Approach 1: Custom CudaBuffer

This approach uses the custom CudaBuffer class to manually allocate CUDA memory and transfer data.

Required Imports:

import numpy as np
import cvcuda

from cuda_python_common import CudaBuffer, cuda_memcpy_h2d, cuda_memcpy_d2h

CUDA Python to CV-CUDA:

# Allocate host data and CUDA buffer
numpy_array = np.random.randn(10, 10).astype(np.float32)
cuda_buffer = CudaBuffer(shape=(10, 10), dtype=np.float32)

# Copy host to GPU
cuda_memcpy_h2d(
    numpy_array,
    cuda_buffer,
)

# Create CV-CUDA tensor from the CUDA buffer
cvcuda_tensor = cvcuda.as_tensor(cuda_buffer)

CV-CUDA to CUDA Python:

# Get the CUDA array interface from the CV-CUDA tensor
# and create a new CUDA buffer from it
new_cuda_buffer = CudaBuffer.from_cuda(cvcuda_tensor.cuda())
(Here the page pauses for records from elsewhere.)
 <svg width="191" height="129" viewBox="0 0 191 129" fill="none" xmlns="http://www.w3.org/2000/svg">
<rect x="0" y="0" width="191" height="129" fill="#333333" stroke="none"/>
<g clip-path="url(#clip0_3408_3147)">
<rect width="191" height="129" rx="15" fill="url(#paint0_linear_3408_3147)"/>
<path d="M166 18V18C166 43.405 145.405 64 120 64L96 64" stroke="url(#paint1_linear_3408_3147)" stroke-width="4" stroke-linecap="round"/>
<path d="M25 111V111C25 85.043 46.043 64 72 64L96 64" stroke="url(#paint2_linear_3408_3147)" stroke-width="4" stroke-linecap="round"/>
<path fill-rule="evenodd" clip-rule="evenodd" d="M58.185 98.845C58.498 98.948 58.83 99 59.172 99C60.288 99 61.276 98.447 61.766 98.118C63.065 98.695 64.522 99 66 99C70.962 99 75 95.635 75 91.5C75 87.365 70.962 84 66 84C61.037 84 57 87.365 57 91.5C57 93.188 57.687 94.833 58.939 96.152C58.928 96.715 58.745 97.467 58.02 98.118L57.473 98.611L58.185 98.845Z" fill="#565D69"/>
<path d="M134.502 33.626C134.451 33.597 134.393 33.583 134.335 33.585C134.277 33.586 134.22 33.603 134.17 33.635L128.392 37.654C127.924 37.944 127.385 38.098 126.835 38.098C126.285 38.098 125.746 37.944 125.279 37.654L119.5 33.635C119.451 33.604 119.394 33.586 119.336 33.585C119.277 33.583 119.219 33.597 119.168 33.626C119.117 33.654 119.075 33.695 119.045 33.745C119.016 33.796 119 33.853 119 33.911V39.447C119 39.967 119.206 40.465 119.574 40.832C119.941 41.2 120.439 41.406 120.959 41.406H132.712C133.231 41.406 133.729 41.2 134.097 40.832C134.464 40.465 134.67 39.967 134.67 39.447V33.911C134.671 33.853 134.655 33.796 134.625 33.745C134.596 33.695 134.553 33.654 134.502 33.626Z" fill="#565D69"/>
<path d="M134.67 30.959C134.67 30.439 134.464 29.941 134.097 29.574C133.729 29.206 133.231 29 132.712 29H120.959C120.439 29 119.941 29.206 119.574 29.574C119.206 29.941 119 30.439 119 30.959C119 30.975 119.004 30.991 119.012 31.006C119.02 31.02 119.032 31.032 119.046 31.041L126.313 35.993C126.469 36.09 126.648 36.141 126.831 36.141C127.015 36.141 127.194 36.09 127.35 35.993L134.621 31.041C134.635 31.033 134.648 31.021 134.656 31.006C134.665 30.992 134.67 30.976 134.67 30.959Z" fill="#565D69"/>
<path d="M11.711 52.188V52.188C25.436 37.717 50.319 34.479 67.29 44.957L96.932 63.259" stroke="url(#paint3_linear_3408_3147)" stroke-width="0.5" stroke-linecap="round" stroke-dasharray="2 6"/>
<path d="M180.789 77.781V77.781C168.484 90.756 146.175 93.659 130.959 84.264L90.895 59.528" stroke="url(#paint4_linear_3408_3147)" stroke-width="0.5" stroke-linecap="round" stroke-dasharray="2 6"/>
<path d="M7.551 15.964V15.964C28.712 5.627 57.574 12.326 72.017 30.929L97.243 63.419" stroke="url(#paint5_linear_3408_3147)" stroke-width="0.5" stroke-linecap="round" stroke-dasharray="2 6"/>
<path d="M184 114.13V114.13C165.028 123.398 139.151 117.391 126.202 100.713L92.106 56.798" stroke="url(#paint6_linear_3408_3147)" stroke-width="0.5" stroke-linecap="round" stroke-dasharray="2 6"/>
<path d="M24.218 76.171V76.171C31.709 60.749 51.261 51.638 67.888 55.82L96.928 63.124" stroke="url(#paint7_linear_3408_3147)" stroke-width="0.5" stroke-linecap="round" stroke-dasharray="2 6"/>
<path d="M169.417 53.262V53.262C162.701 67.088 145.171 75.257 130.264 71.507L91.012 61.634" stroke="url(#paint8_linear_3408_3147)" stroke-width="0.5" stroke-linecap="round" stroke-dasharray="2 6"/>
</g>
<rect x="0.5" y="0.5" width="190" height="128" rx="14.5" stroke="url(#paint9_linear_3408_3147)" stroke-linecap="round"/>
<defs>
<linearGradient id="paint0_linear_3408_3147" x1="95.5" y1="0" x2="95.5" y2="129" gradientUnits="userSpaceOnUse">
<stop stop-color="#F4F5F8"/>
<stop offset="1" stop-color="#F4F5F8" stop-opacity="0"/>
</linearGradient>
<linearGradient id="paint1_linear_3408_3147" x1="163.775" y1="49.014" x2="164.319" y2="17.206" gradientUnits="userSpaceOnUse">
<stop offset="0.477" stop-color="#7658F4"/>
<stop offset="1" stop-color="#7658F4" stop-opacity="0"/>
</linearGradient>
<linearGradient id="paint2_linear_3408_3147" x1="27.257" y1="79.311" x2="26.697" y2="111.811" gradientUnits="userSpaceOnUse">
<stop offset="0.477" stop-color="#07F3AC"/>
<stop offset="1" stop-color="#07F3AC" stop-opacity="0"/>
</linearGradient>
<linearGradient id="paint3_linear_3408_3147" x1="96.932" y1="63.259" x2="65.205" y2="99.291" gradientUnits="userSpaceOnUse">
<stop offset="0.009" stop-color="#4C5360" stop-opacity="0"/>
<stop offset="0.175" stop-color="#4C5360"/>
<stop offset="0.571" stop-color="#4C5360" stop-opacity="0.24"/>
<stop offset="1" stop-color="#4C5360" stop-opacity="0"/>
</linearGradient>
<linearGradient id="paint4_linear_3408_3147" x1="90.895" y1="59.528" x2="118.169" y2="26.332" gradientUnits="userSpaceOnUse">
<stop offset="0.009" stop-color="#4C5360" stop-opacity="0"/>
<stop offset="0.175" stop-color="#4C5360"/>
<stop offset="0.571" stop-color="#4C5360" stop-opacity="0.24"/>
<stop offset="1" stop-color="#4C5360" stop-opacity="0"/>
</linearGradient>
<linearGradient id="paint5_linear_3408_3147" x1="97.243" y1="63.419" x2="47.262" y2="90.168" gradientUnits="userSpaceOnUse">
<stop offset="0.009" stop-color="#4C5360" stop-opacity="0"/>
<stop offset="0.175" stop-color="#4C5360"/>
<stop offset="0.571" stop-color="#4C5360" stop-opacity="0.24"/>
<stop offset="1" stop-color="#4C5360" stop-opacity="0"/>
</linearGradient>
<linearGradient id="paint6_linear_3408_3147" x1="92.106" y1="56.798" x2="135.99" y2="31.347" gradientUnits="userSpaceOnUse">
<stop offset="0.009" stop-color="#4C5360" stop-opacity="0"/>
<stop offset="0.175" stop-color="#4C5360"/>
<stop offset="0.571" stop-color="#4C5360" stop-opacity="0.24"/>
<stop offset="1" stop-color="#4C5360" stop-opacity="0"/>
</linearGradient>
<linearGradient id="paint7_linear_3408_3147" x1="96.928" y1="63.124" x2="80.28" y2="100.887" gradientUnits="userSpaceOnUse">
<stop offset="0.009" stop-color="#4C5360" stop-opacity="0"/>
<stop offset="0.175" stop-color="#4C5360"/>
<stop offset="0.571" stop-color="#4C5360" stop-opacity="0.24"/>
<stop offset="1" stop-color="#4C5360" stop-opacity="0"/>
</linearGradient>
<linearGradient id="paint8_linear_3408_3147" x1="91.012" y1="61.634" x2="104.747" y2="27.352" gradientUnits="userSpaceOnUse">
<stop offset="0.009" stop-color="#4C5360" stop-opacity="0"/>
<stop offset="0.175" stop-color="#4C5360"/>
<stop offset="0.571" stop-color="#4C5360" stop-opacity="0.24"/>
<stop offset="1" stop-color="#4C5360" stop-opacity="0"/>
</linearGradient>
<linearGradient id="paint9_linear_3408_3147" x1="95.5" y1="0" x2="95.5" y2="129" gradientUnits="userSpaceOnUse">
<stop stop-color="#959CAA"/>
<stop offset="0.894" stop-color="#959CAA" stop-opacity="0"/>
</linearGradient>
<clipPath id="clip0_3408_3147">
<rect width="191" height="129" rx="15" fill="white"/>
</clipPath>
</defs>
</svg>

When to use this approach:

You need full control over memory allocation
You want explicit memory management

Complete Example: See samples/interoperability/cuda_python_interop_1.py

Approach 2: Using CV-CUDA Tensor as Buffer

This approach leverages CV-CUDA’s own memory allocation by using cvcuda.Tensor as a raw buffer, then copying data into it. This is useful when you want CV-CUDA to manage the memory.

Required Imports:

import numpy as np
import cvcuda

from cuda_python_common import cuda_memcpy_h2d, cuda_memcpy_d2h

CUDA Python to CV-CUDA:

# Allocate host data and CUDA buffer
numpy_array = np.random.randn(10, 10, 3).astype(np.uint8)
# Allocate data of identical size to the numpy_array using a cvcuda.Tensor
cvcuda_tensor = cvcuda.Tensor((10, 10, 3), dtype=cvcuda.Type.U8)

# Copy host to GPU
cuda_memcpy_h2d(
    numpy_array,
    cvcuda_tensor.cuda(),
)

Key differences from Approach 1:

Uses cvcuda.Tensor to allocate GPU memory instead of CudaBuffer
CV-CUDA manages the memory lifecycle

Conversion to Tensor:

When to use this approach:

You want CV-CUDA to manage memory allocation
You’re working with contiguous data that will be reshaped
You want simpler memory management (no manual CudaBuffer)
You’re already using CV-CUDA Tensors in your pipeline

Complete Example: See samples/interoperability/cuda_python_interop_2.py

Summary of CUDA Python Approaches

Comparison of CUDA Python Approaches
Approach	Memory Allocation	Data Transfer	Best Use Case
Approach 1	Custom `CudaBuffer`	Manual `cuda_memcpy_h2d/d2h`	Full control, interfacing with existing CUDA code
Approach 2	`cvcuda.Tensor`	Manual `cuda_memcpy_h2d/d2h`	Let CV-CUDA manage memory, simpler code

Both approaches achieve zero-copy interoperability between CUDA Python and CV-CUDA, but differ in memory management and allocation strategy.